NIKOLA KAMBUROV: Hi everyone. In this video, we're going to explore briefly the concept of a vector subspace.
This is the problem we're going to do. We're given these four different subsets of R^3, and we are asked to figure out which of these is, in fact, a subspace. So I'll give you a few moments to try to do this on your own, and then please come back to see whether you were right.
So hi again. So before we start, let's briefly recall what a vector subspace is. Well vector subspace, of course, it's a subset. In this case, a subset of R^3. But it behaves like a vector space itself, meaning that if we take linear combination of elements in the subset, what we get is still something in that subset.
And in class, Professor Strang showed you a few specific examples of subspaces, which are related to matrices. One of them was the null space of a matrix, all the vectors that the matrix sends to 0, and the column space of a matrix, which is the span of the column of a matrix. So let's see if we can apply what we've learned in lecture to our problem.
Number one: we are given a linear equation relation between b_1, b_2, and b_3. Once we have something linear-- this is a philosophy that you'll learn in this class-- we can always write this as a matrix equation.
So in particular, b_1 plus b_2 minus b_3 equals 0, we can just write it as the matrix 1, 1, negative 1, times [b_1, b_2, b_3] equal to 0. So therefore, b_1, b_2, and b_3 precisely describe the null space of 1, 1 negative 1. And thus, what we are given in the first question is a subspace.
What about the second one? Again, we are given the relation between b_1, b_2, b_3. but it's not linear. b_3 is the product of b_1 and b_2. So right, your guts tell you that this shouldn't be a vector space. But we need to prove why.
Well, see that the vector [1, 1, 1] is inside this subset, because the third entry is the product-- 1 is the product 1 and 1. If the subset were a subspace itself, then we would have 2, 2, and 2 in it as well. Right, because any multiple of a vector in the subspace is inside the subspace. But is [2, 2, 2] described by this equation? Well no, because the third entry, 2, is not equal to 2 times 2.
So the example in number 2 is not a subspace.
Let's try 3. And first-- so we are given-- so the subset in question 3 is given as the linear span of these two vectors, [1, 0, -1] and [1, 0, 1]. Plus the vector [1, 0, 0]. So let's think about this geometrically. We know that the linear span of two linear independent vectors-- and these are obviously linearly independent-- is a plane in R^3. So we have the plane, and we add a vector to the point on this plane.
So what if the vector were lying on the plane? Well we're not going to change the plane. We're still going to remain in the plane. What I'm hinting at is the following thing. That, in fact, [1, 0, 0] is a linear combination of [1, 0, -1] and [1, 0, 1], and it's fairly obvious to see which linear combination of these two vectors it is. It's 1/2 [1, 0, -1] plus 1/2 times [1, 0, 1].
So we can write the whole relation here in the following way. [b_1, b_2, b_3] is [1, 0, 0], which we can write this, plus c_1 [1, 0, -1], and c_2 [1 0, 1].
Let me continue this here. So b_1, b_2, and b_3 is precisely c_1 plus 1/2 of [1, 0, -1] plus c_2 plus 1/2 of [1, 0, 1]. So indeed, the points b_1, b_2, and b_3 are described by the linear span [1, 0, -1] and [1, 0, 1]. So it is a vector subspace itself.
And finally, let's look at number 4. So we have a similar situation. I mean, it's almost the same situation. We again have the linear span of precisely the same vectors as in question 3. But this time we add the vector [0, 1, 0] to them.

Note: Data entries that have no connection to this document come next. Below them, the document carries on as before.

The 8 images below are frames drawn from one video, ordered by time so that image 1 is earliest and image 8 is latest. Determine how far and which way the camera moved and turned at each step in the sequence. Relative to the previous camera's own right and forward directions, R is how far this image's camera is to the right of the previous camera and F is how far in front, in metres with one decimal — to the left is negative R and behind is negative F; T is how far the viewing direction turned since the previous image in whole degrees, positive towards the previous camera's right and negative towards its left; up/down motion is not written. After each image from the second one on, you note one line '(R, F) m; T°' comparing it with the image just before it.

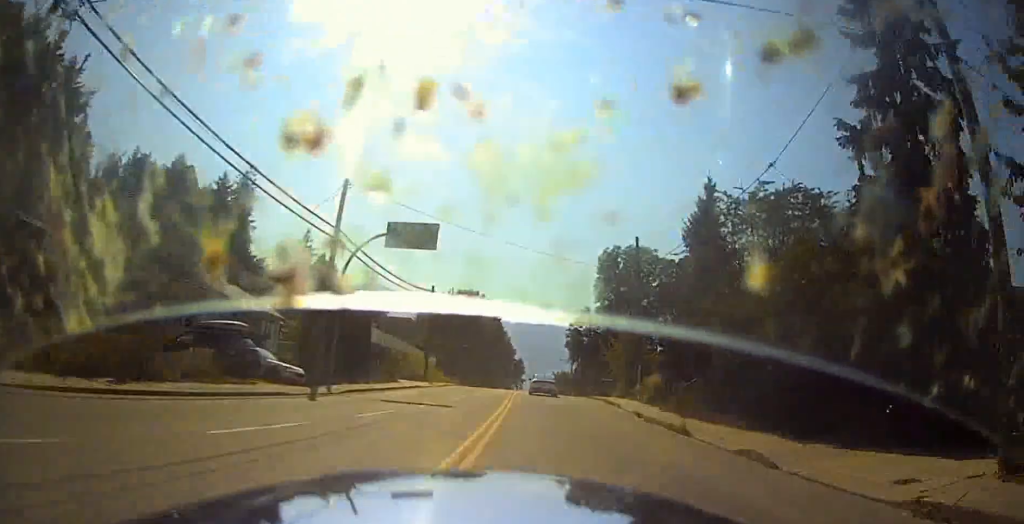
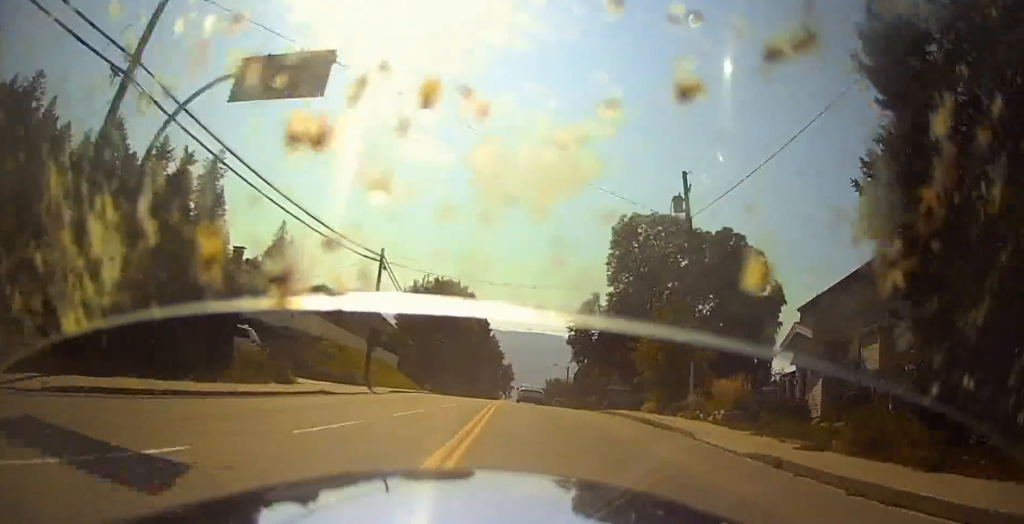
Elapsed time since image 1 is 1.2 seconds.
(-1.2, +18.7) m; -4°
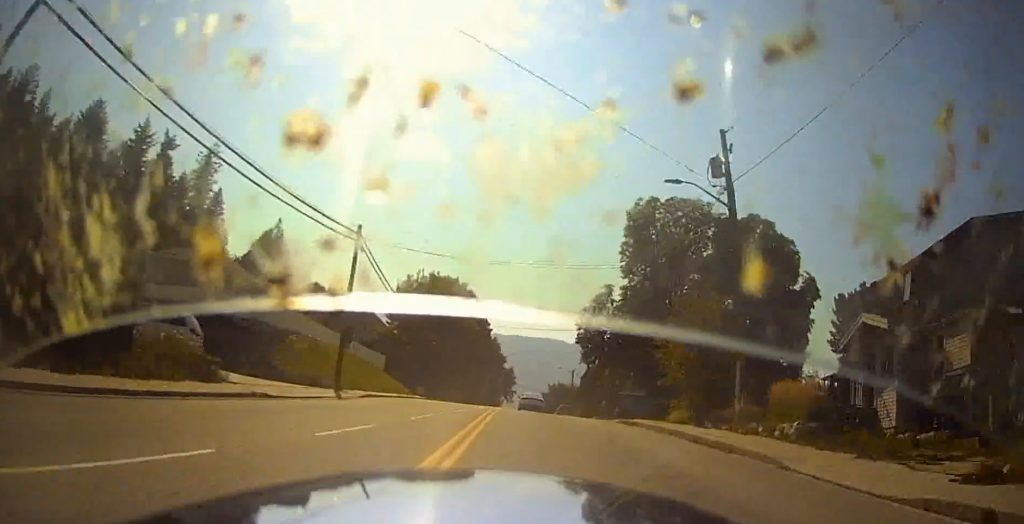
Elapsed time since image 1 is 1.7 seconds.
(+0.1, +6.8) m; 0°
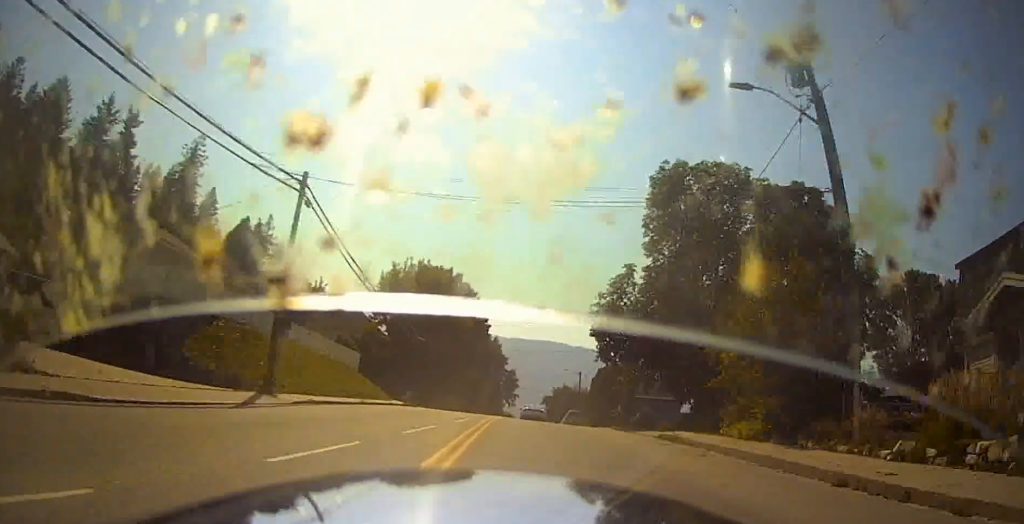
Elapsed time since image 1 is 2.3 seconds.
(+0.3, +9.4) m; 0°
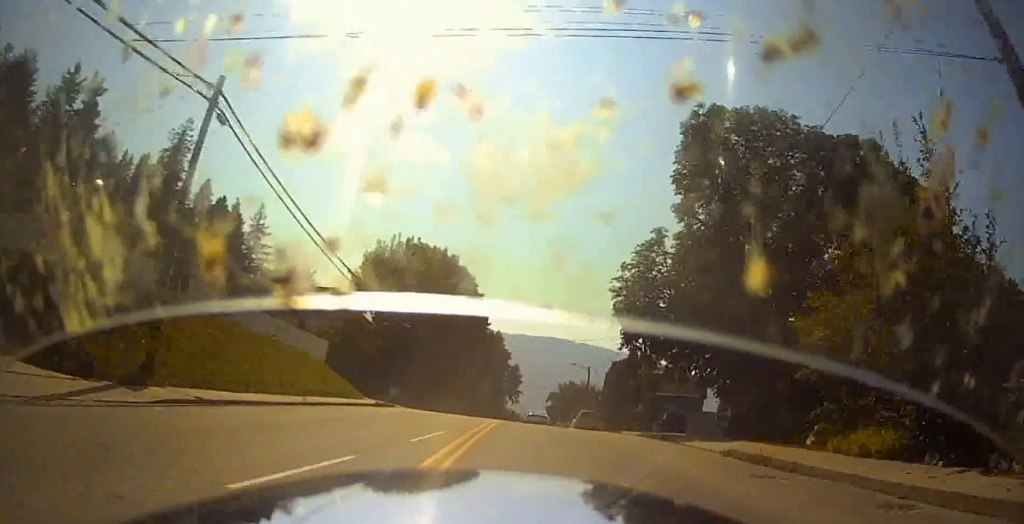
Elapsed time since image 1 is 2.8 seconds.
(-0.2, +8.3) m; 0°
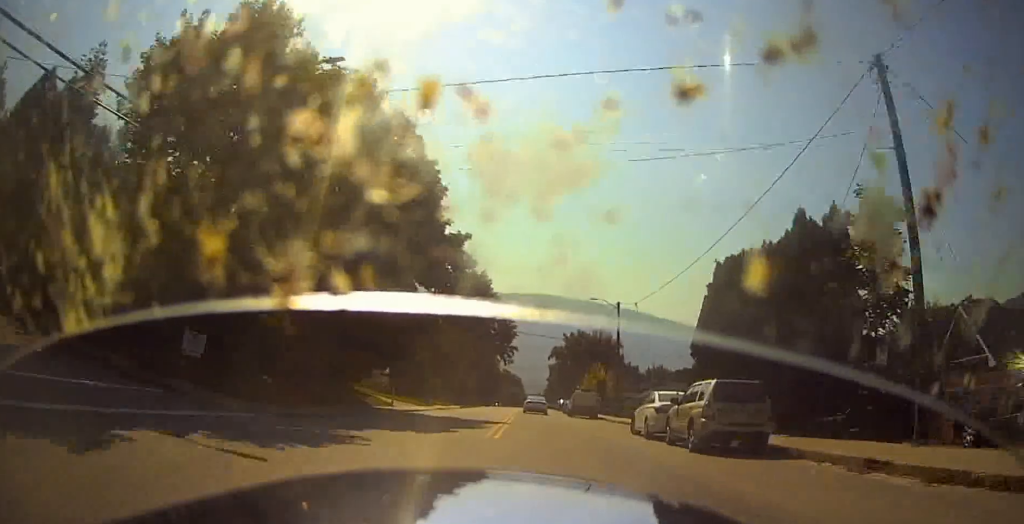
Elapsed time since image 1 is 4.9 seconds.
(-1.1, +33.5) m; -5°
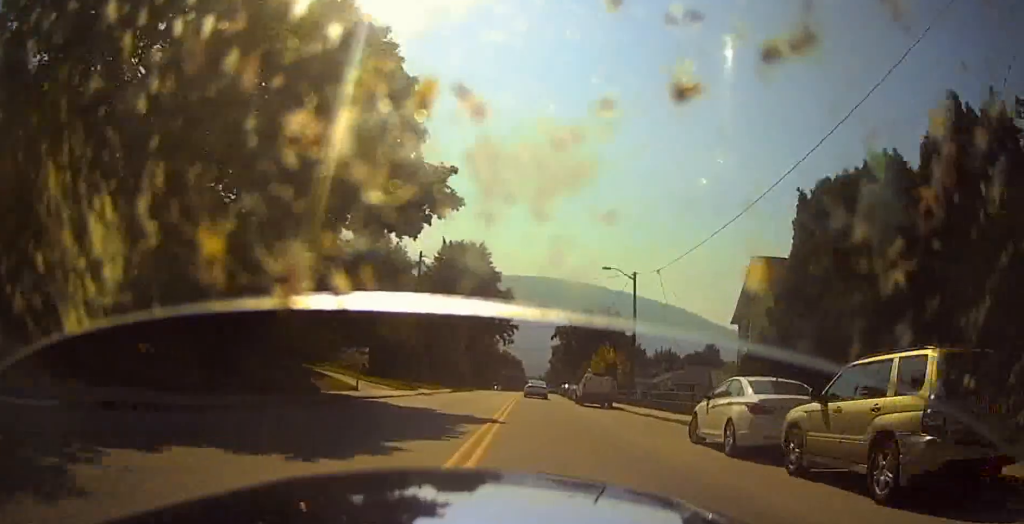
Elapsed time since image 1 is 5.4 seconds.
(-0.2, +8.7) m; -1°
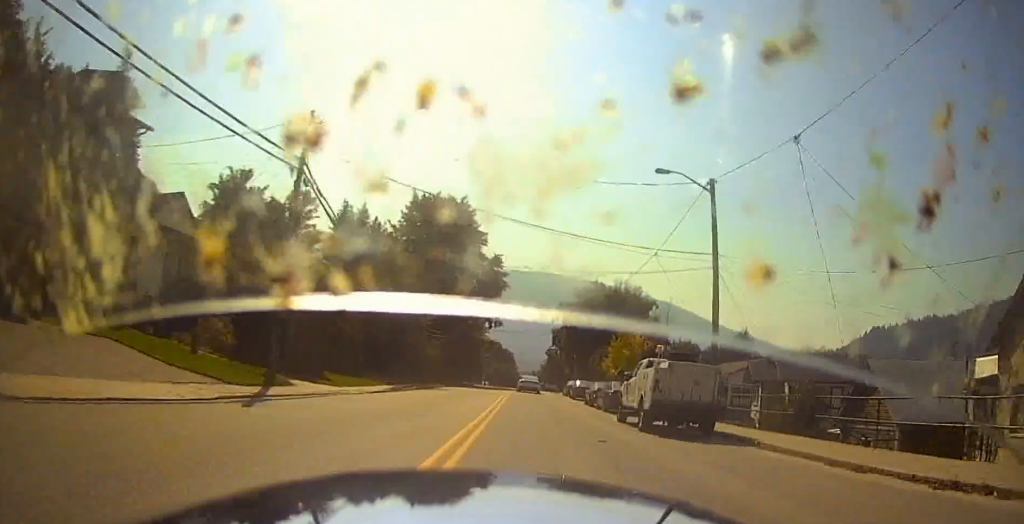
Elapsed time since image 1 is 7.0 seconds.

Now, [0, 1, 0] is not in the span of these two vectors. So the argument that we just showed for 3 doesn't work. But what we know about vector subspaces is the following thing. I follows almost trivially from the axioms that 0 needs to be inside the subset in order for it to be a subspace. It's a necessary condition.
Well is 0 inside this subset? Meaning can we find coefficients c_1 and c_2, plus [0, 1, 0] to equal zero vector? And the answer is no. And why is this? There's a very easy way to see it. Well we just look at the second entry of the vectors, and we see that any multiple-- so the linear span of these two vectors will have as its second entry 0. And when we add it to 1, we can never get a zero entry here. So the subset in 4 is not a subspace.
So I hope this was useful in just getting an intuition which subsets of R^3 are subspaces. I'll see you guys later.